### Task
Write each entry again exactly as shown, but without the images it holds.

### Dataset content

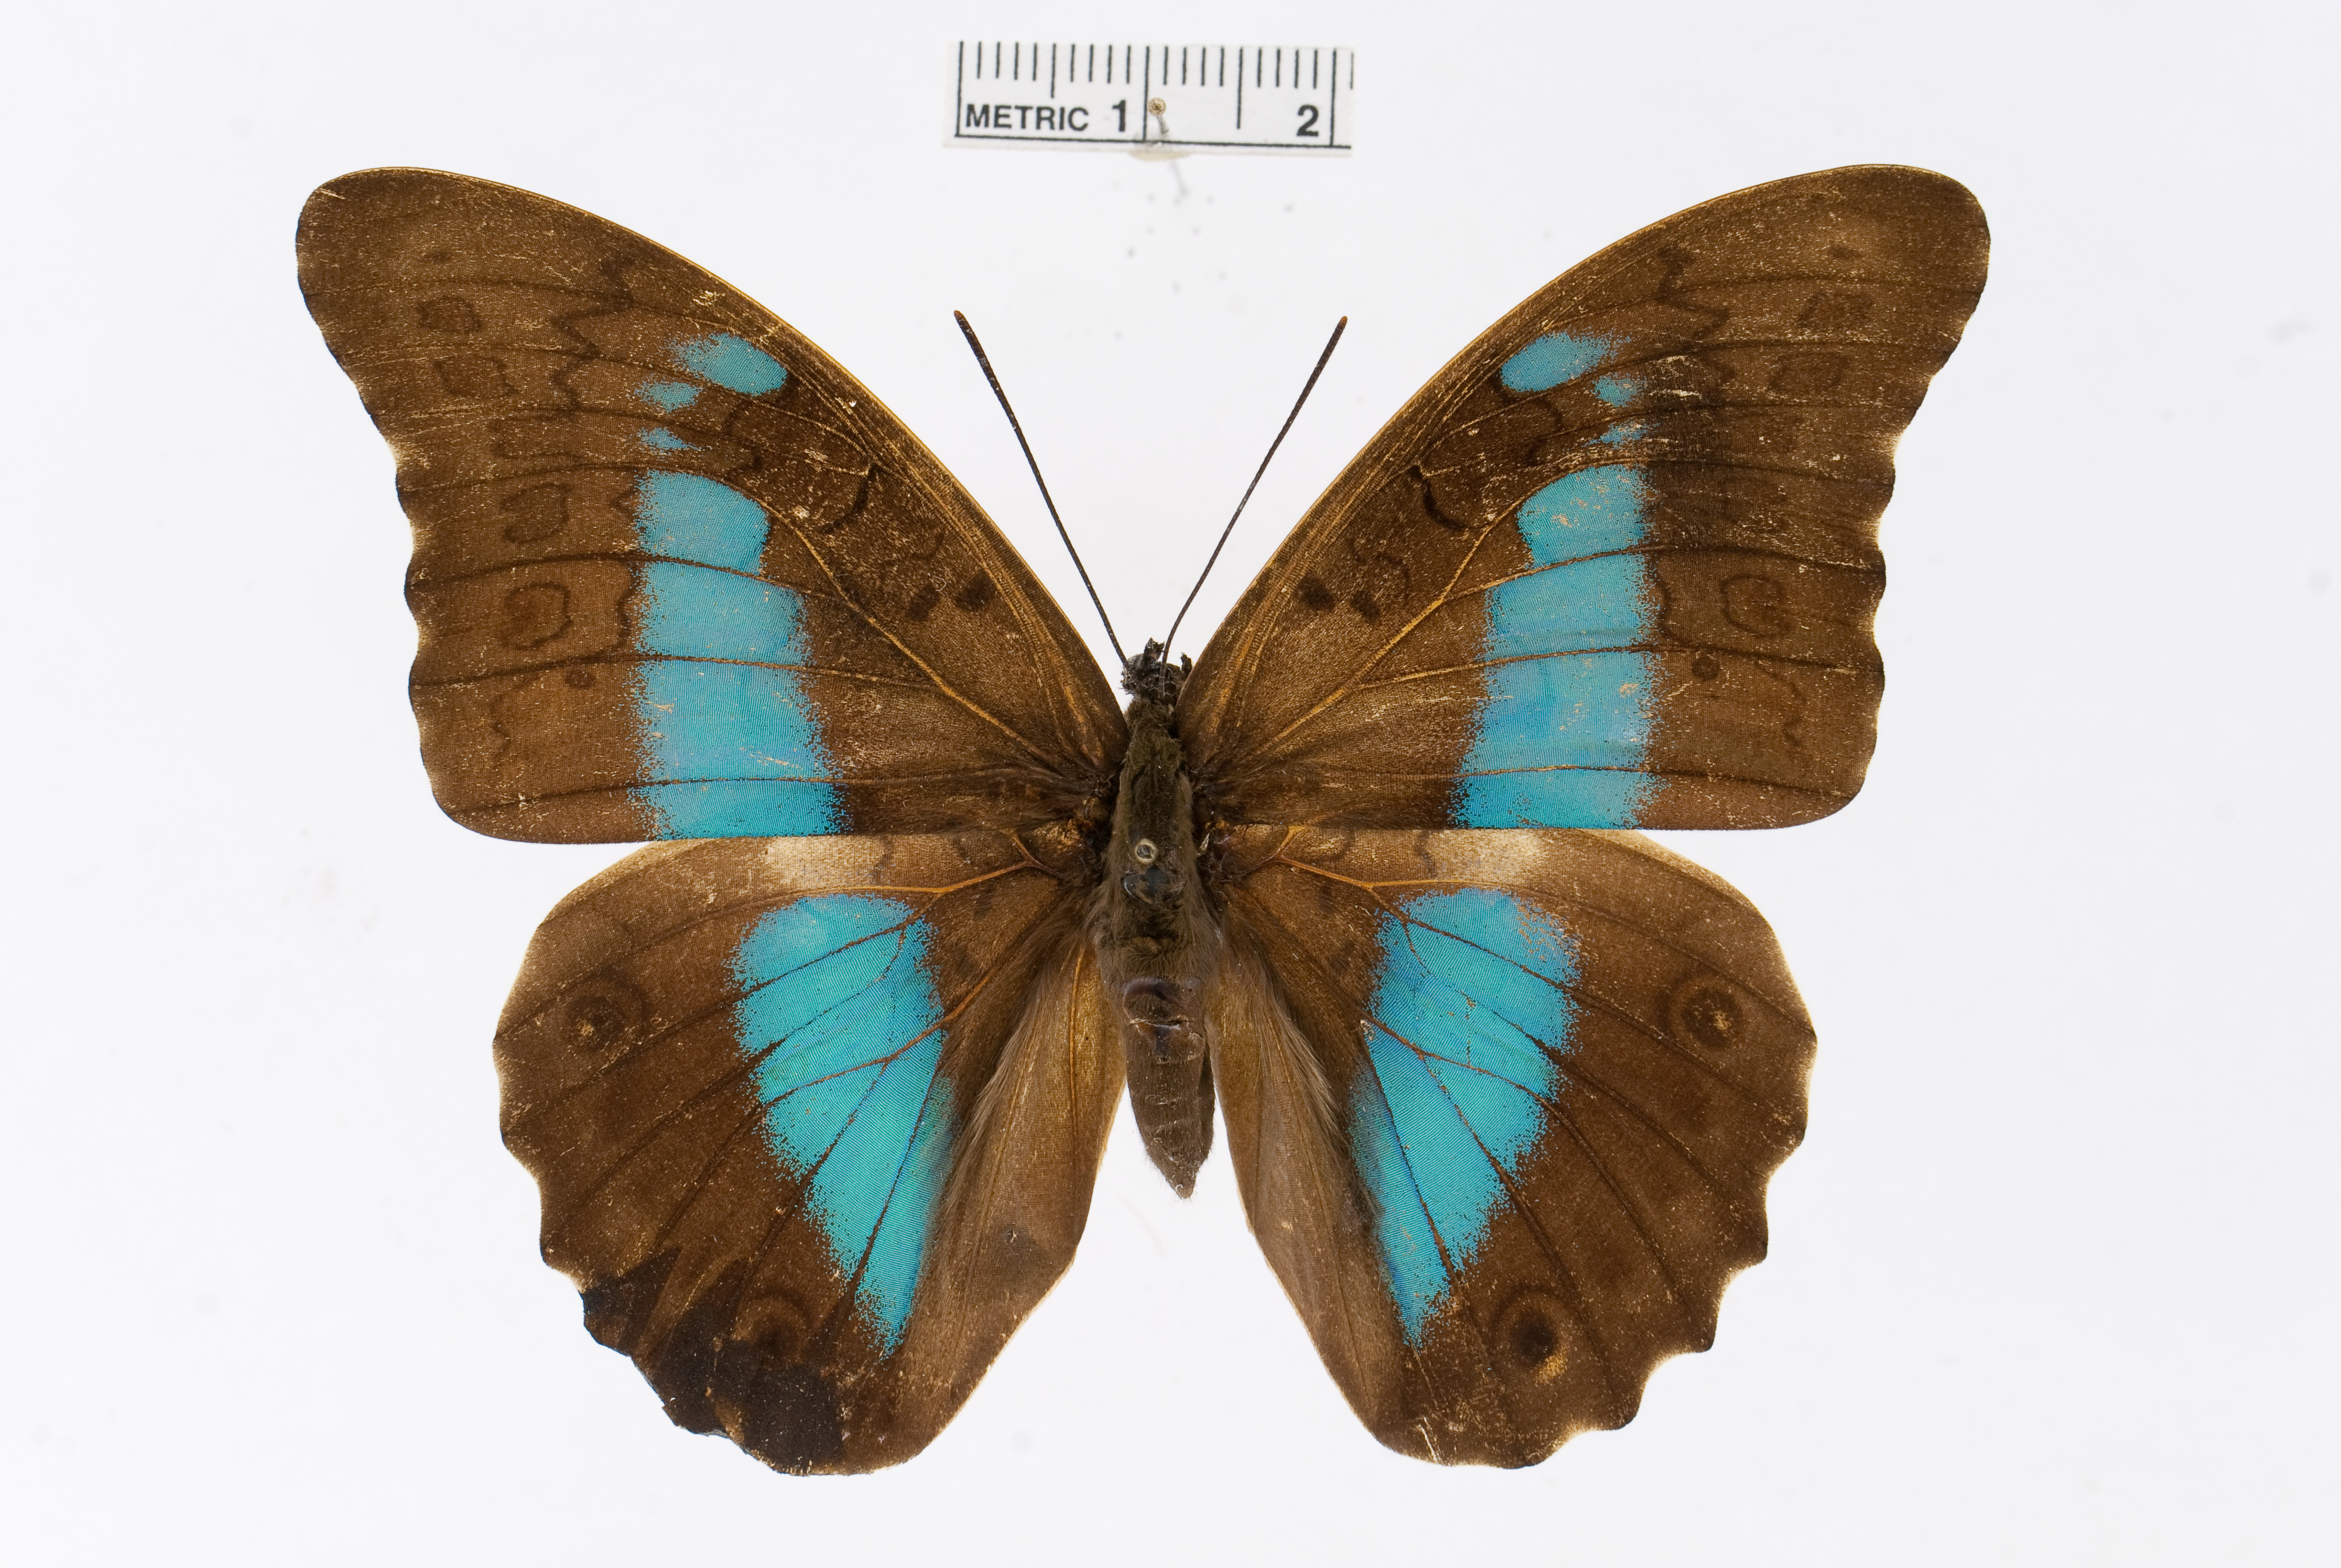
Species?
Prepona pylene
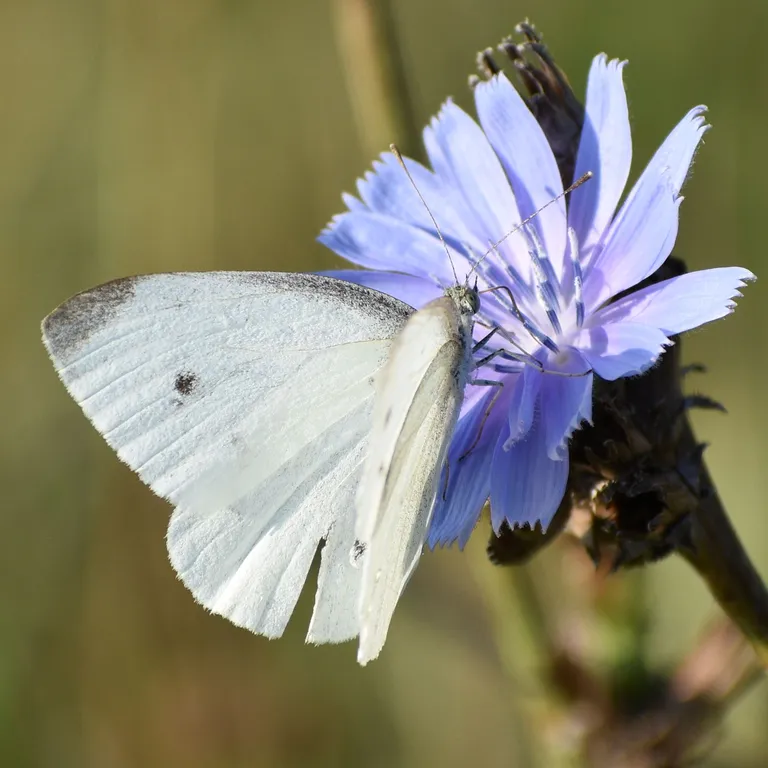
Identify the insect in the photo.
Pieris rapae
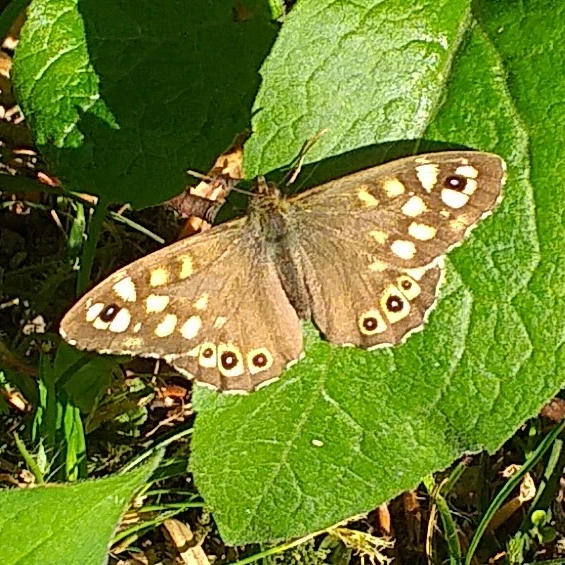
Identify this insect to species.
Pararge aegeria
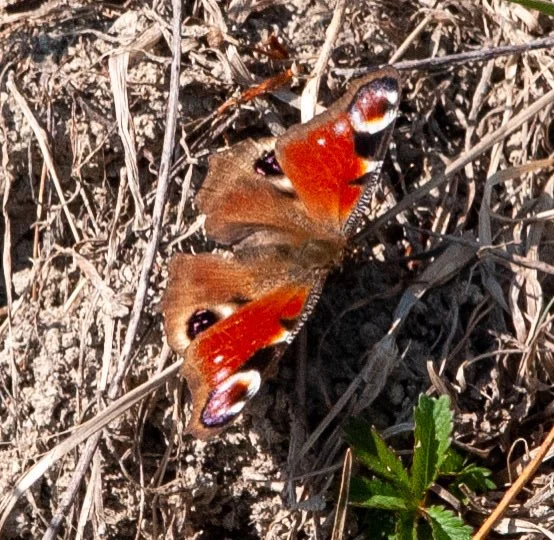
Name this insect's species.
Aglais io
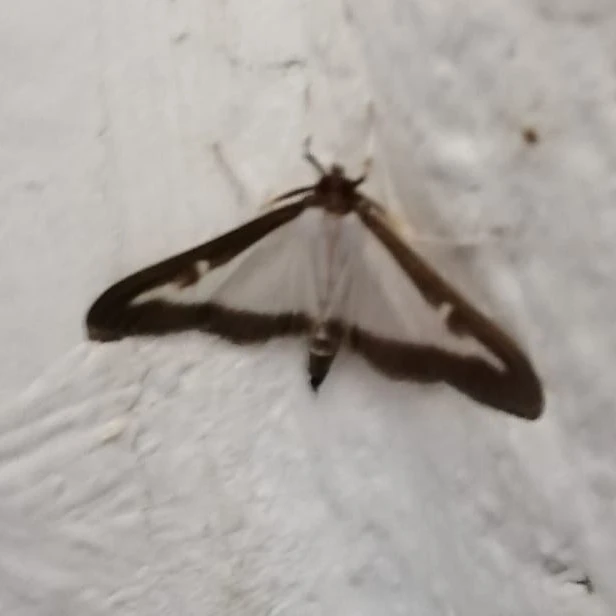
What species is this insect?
Cydalima perspectalis
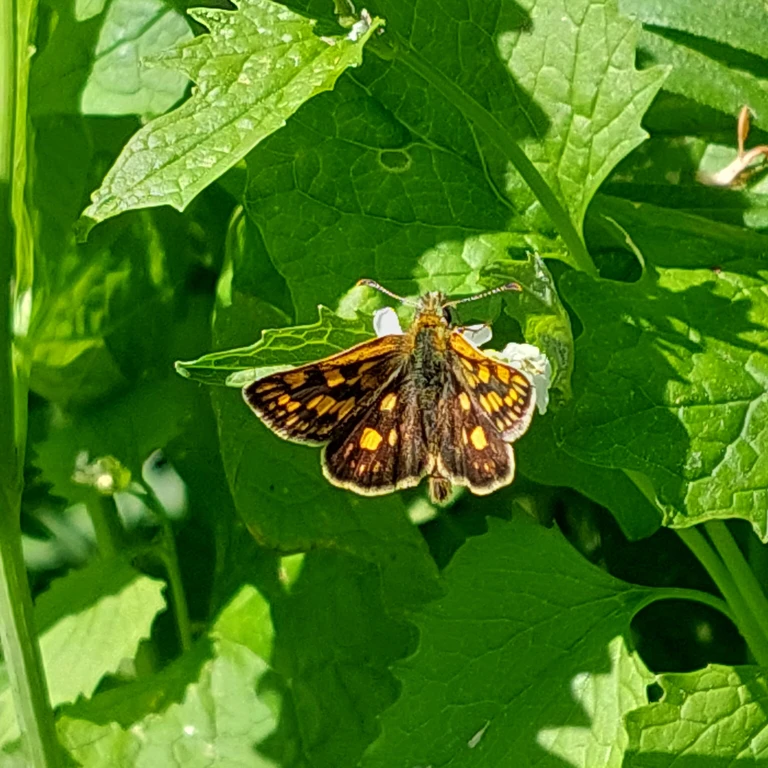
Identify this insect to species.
Carterocephalus palaemon
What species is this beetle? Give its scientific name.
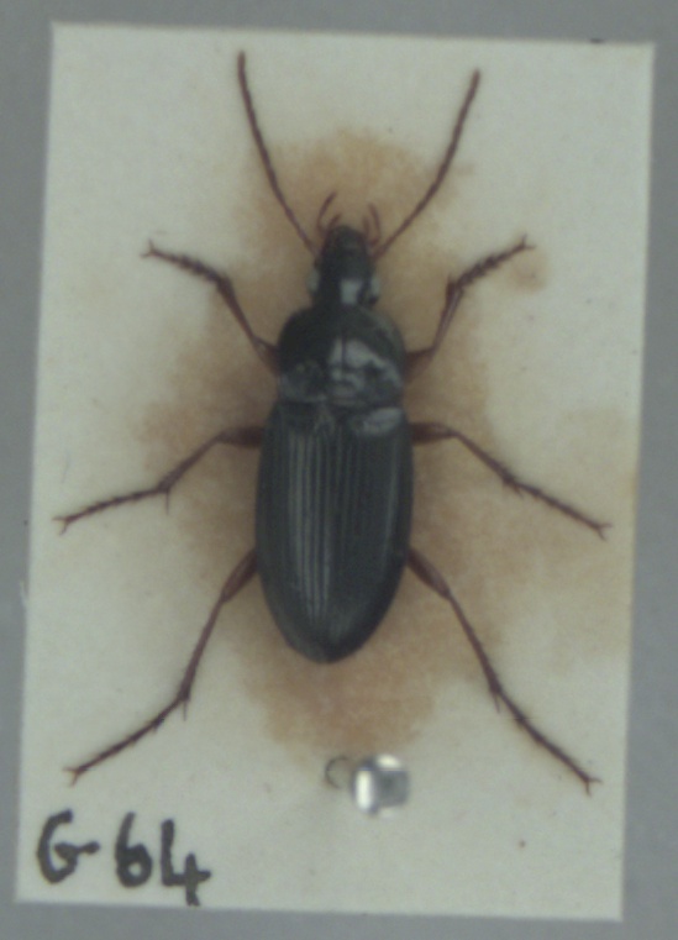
Calathus erratus
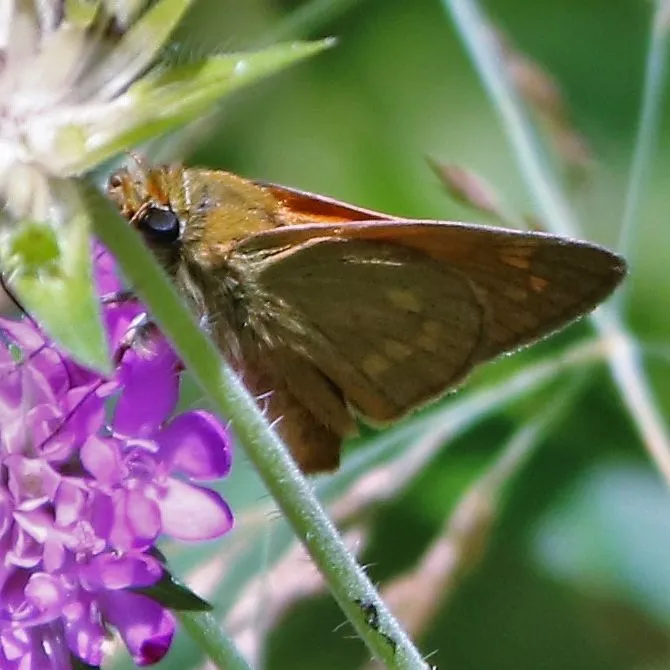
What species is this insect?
Ochlodes sylvanus (also Ochlodes venata)
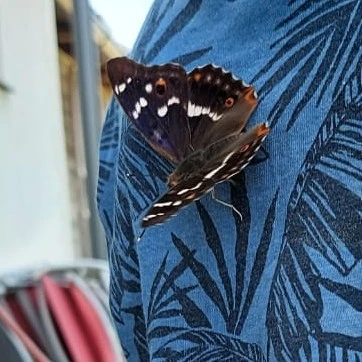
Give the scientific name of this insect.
Apatura ilia
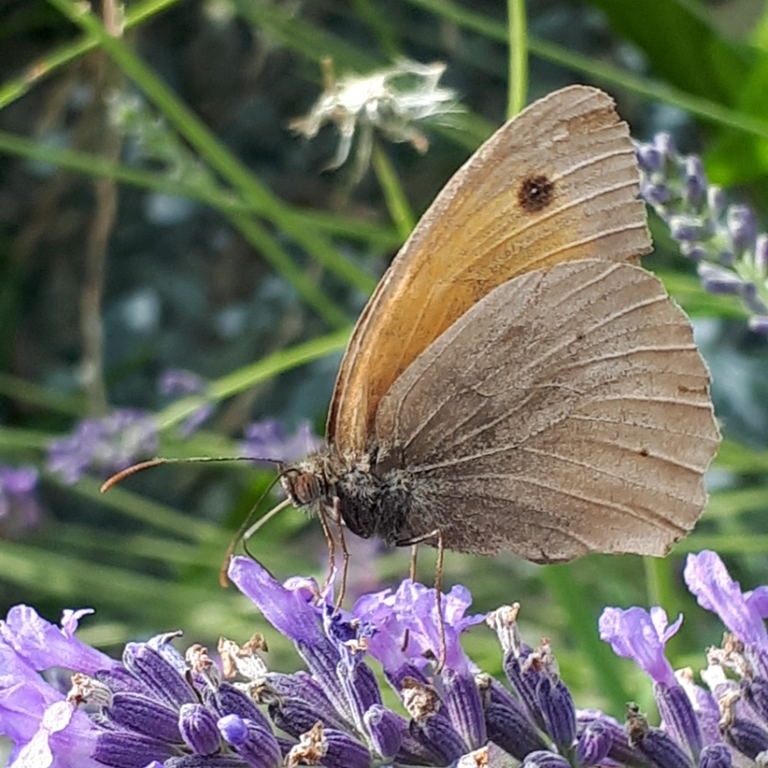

### Response
Species?
Prepona pylene
Identify the insect in the photo.
Pieris rapae
Identify this insect to species.
Pararge aegeria
Name this insect's species.
Aglais io
What species is this insect?
Cydalima perspectalis
Identify this insect to species.
Carterocephalus palaemon
What species is this beetle? Give its scientific name.
Calathus erratus
What species is this insect?
Ochlodes sylvanus (also Ochlodes venata)
Give the scientific name of this insect.
Apatura ilia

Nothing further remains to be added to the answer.